En plein 4e vague du coronavirus : Masques, à bas la rigueur

Est-ce une salutaire prise de conscience ou une peur de l’autorité qui a décrété son port obligatoire? Dans les rues, ils sont de plus en plus nombreux à se «cacher» derrière un masque. La hausse des cas de contamination alimente la peur. «On parle davantage d’omicron que des Verts»,  ironise un cafetier derrière son comptoir. Lui aussi s’est résigné à exiger de ses clients de se «masquer». Nos reporters sont allés voir dans la rue, les transports publics, les établissements de santé et les espaces commerciaux. Ce sont des lieux où le risque est grand. Ils reviennent avec des images contrastées. Celles de citoyens qui se protègent et semblent avoir pris la mesure du danger. D’autres persistent dans le déni. Sans trouver en face assez de fermeté car une loi s’accompagne toujours des moyens de la faire respecter.
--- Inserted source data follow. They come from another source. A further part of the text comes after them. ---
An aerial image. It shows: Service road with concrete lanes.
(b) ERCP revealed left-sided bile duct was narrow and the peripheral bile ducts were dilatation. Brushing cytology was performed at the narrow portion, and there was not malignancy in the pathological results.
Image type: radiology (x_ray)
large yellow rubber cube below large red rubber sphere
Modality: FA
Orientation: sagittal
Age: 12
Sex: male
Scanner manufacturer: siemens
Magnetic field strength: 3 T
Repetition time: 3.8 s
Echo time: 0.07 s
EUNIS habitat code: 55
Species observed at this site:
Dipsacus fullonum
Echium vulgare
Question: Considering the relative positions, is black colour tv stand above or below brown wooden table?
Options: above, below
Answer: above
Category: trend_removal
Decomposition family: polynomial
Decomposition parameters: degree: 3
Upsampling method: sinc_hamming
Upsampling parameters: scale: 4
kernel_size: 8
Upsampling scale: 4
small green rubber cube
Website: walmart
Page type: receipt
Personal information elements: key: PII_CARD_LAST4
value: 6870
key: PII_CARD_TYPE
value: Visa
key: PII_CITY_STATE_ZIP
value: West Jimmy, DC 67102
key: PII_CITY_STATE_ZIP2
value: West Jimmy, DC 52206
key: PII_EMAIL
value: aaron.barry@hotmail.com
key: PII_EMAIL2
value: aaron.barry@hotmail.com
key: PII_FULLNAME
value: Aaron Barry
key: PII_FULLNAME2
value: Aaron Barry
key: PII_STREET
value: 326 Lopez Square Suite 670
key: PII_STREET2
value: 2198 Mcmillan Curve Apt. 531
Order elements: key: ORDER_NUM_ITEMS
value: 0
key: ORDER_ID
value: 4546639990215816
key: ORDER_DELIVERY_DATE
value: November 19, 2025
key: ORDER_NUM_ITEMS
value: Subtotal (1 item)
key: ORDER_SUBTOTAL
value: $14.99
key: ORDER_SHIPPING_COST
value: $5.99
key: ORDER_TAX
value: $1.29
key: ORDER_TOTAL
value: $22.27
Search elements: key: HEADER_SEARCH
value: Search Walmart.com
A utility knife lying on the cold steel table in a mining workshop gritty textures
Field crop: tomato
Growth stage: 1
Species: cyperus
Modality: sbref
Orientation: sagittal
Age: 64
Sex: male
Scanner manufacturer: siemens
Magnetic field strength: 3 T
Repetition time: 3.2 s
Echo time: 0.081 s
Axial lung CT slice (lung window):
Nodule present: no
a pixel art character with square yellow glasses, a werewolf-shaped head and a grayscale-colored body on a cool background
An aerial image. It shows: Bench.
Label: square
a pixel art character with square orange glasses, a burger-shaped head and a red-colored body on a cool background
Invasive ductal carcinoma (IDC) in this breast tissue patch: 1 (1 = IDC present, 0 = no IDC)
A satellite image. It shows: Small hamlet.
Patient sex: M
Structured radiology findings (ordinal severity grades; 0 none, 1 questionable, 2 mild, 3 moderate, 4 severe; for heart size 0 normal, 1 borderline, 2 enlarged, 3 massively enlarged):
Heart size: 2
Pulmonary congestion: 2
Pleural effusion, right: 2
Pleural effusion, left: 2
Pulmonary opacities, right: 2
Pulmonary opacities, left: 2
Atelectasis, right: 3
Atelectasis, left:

Ces derniers jours, l’Algérie voit le nombre des contaminations par la Covid-19 passer largement au-dessus de la barre des 1.000 cas quotidiens. La quatrième vague déferle avec force sur le pays et omicron, un variant extrêmement contagieux, gagne du terrain. Pour éviter l’aggravation de la situation, les pouvoirs publics prônent la sévérité et exigent le respect des mesures barrières, notamment le port du masque en tout lieu. Le Premier ministre, usant d’un langage franc et direct, a mis en garde contre la propagation du virus dont la première conséquence est la saturation des hôpitaux. Dans pareille conjoncture, l’application des règles barrières, comprenant le port obligatoire du masque de protection, le respect des mesures d’hygiène et de distanciation physique, est un devoir auquel nul ne doit se soustraire.
Le Premier ministre a appelé les citoyens à soutenir l’effort national de lutte contre la pandémie qui sévit de par le monde. Ila insisté sur la vaccination qui reste, selon lui, le meilleur moyen de se prémunir contre ce mal «ravageur». Toutefois, la nouvelle donne sanitaire a remis à l’ordre du jour la question du port du masque qui suscite encore des réticences. Dans l’état actuel de la pandémie, ôter cet accessoire protecteur peut s’avérer très dangereux. Il demeure indispensable pour lutter contre un virus mystérieux et en constante mutation.
Après plus de deux ans d’une crise inédite, les citoyens ont-ils enfin compris son utilité ? Il semble que la majorité d’entre eux a décidé de ne pas faire tomber ce masque par crainte. Dans les rues, beaucoup de femmes et d’hommes tiennent encore à ce bout de tissu encombrant. Ils préfèrent maintenir la garde et rester vigilants. Hélas, une minorité se montre récalcitrante vis-à-vis de cette disposition sanitaire. Elle refuse de se rendre à l’évidence et comprendre, une bonne fois pour toutes, que ce masque est recommandé dans un seul et unique but : se protéger contre ce dangereux virus. Certes, ce n’est pas la panacée, mais c’est un bouclier efficace, et il fait partie de la solution. Les autorités publiques ne cessent de rappeler que le masque est l’un des moyens qui peut endiguer la recrudescence des contaminations. Il nous protège et protège les autres, notamment ceux qui sont fragiles. Pour ce faire, elles n’ont pas tardé à passer à l’acte en infligeant de lourdes amendes aux réfractaires. Cela avait d’ailleurs suscité des incompréhensions, voire des contestations. Le port du masque nous confronte ainsi à un problème majeur : l’incivisme. Aujourd’hui, vu le nombre de cas infectés, cette disposition restrictive est de nouveau effective et il va falloir s’y accommoder. Nous devons nourrir un sentiment de fraternité pour nous protéger mutuellement contre d’éventuels pics pandémiques. Soyons tous masqués…tant que l’effrayant spectre est toujours là.